Three people engaged in a panel discussion in front of an audience. A large pink mural with a woman holding an anatomical heart is seen in the background.
Mayor London Breed and LA Mayor Karen Bass discuss their respective cities with Manny Yekutiel at Manny’s on 16th and Valencia streets on June 10, 2024. Photo by Io Gilman

Though the event wasn’t explicitly a campaign stop, Los Angeles Mayor Karen Bass all but endorsed Mayor London Breed last night, saying she wants to hold a fundraiser for the San Francisco incumbent facing a tough re-election. 

“In November, after you win your re-election, I’m coming up here,” Bass told Breed at Manny’s on 16th and Valencia streets, at a panel featuring the two mayors, moderated by the cafe’s owner, Manny Yekutiel. 

Yekutiel had asked Breed and Bass where they would take each other out for a day in their respective cities, and Breed said that she would take Bass to the Presidio Tunnel Tops park. 

“Yes, and we’re gonna paint the town,” Breed responded, as audience members cheered and clapped. 

Yekutiel then asked Breed and Bass to ask each other a question. Bass didn’t miss a beat. “I want to know: When can I do a fundraiser for you?” she asked. 

“Anytime, Mayor Bass,” Breed responded as more people cheered and clapped. “I like that question.”

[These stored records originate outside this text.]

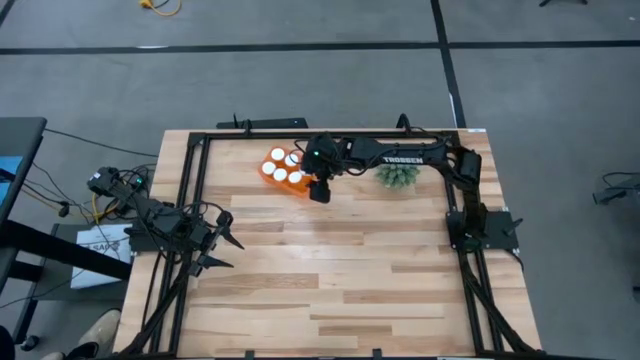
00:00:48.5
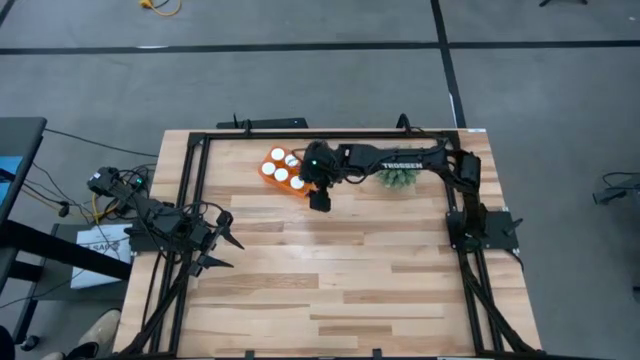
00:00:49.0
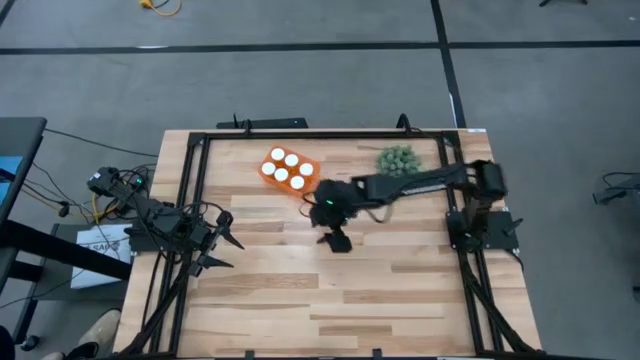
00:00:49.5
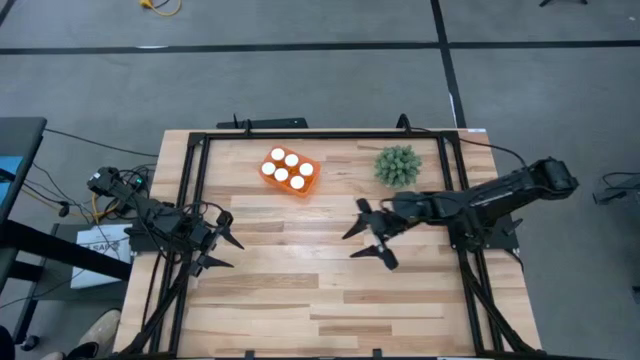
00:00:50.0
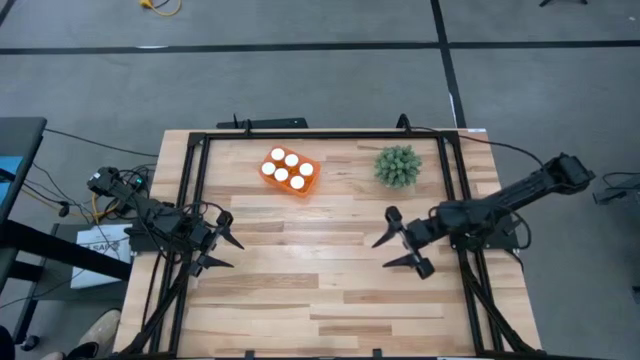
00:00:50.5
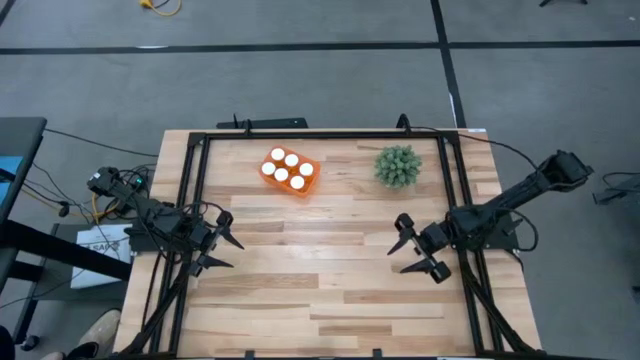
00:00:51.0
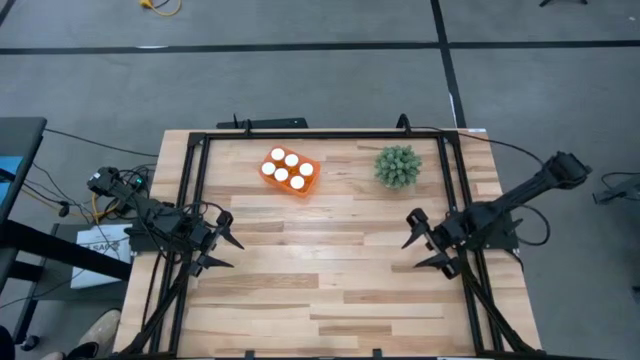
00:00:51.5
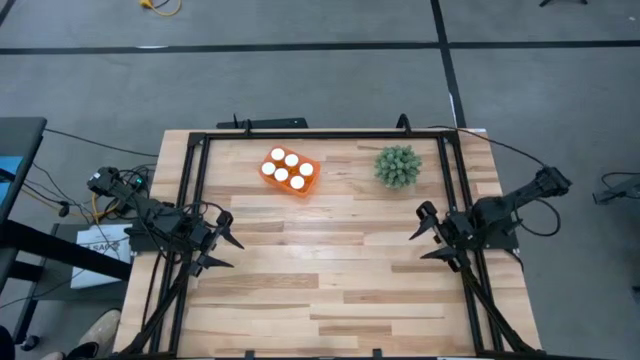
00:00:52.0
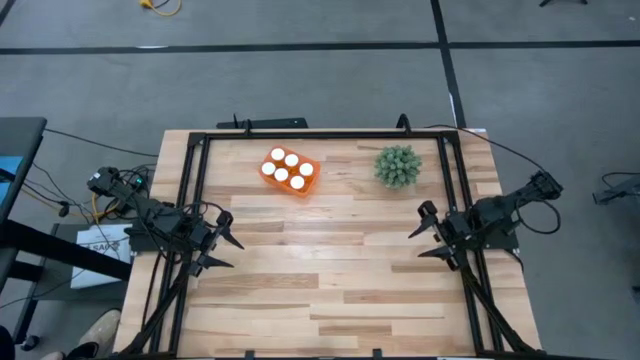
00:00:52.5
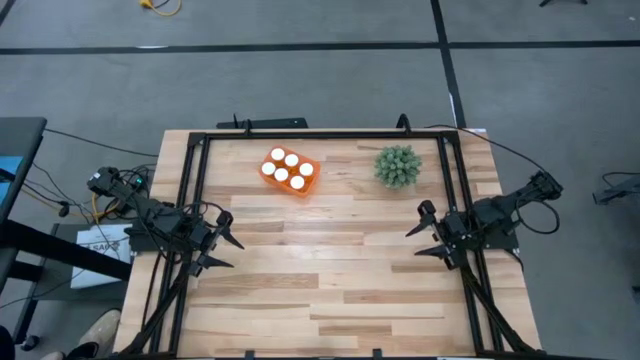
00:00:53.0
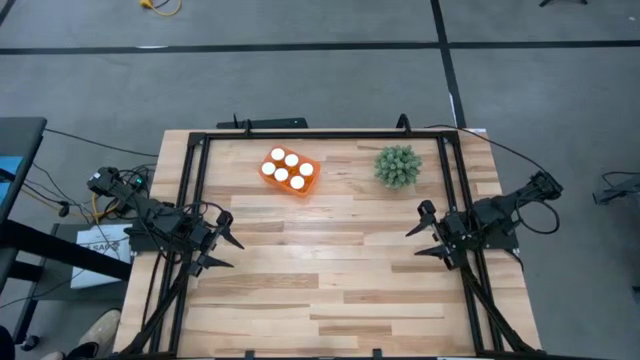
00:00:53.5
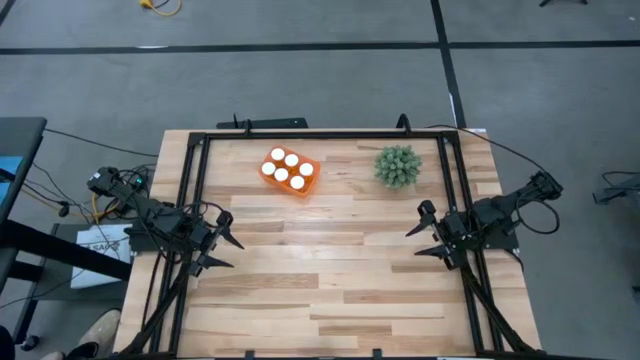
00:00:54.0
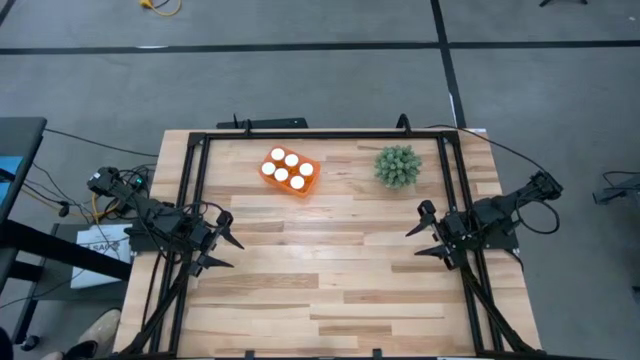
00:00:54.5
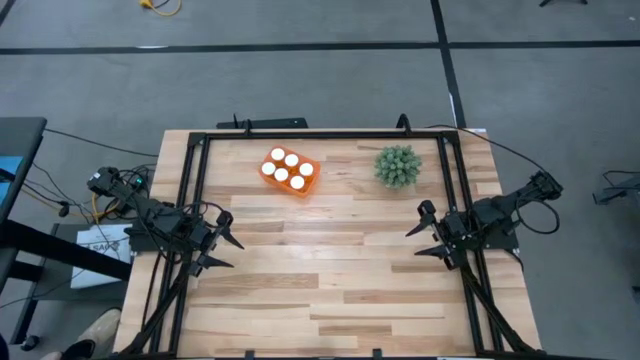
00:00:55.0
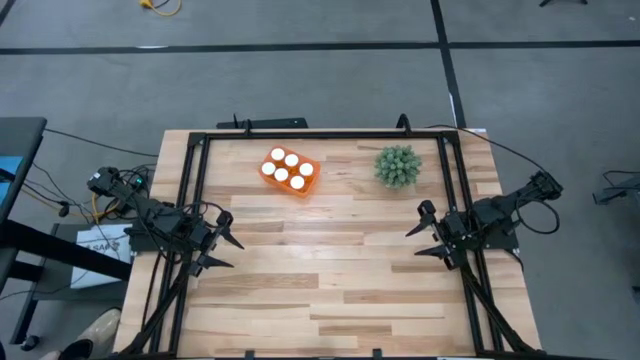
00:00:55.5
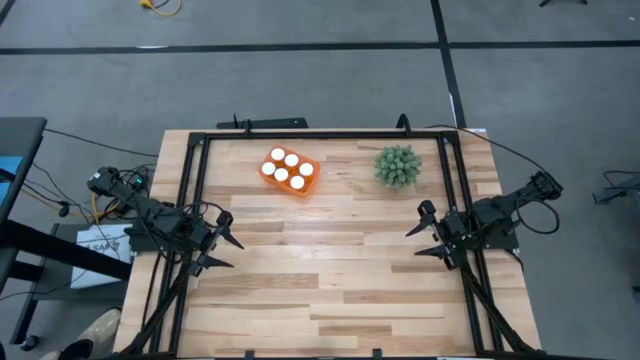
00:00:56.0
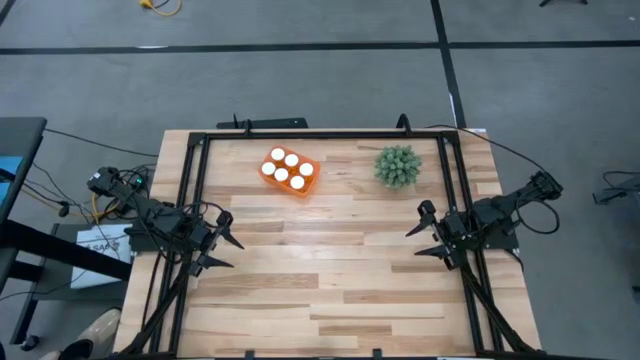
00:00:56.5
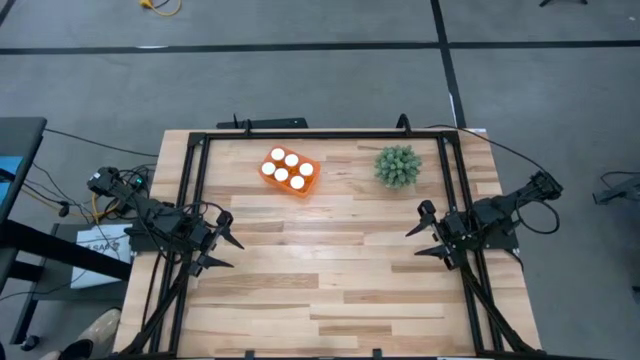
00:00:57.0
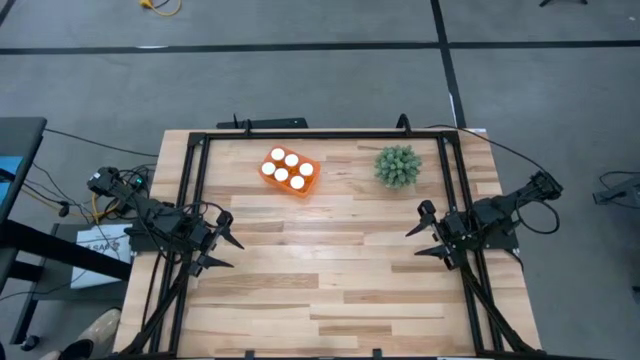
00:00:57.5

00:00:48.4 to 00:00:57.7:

Bass and Breed are both the first Black female mayors of their respective cities, but have governed differently. Bass, who has a background in drug and recovery programs in South Central Los Angeles, has focused on the city’s homelessness crisis, most recently enlisting the wealthy to contribute to purchasing hotels and buildings for more permanent housing.  Meanwhile, Breed, who is up for re-election, focused last year on ending open-air drug dealing and using more police to clean up the city’s sidewalks. During her campaign, she has made every effort to persuade voters that the city’s economy is resurging despite years of post-pandemic decline. 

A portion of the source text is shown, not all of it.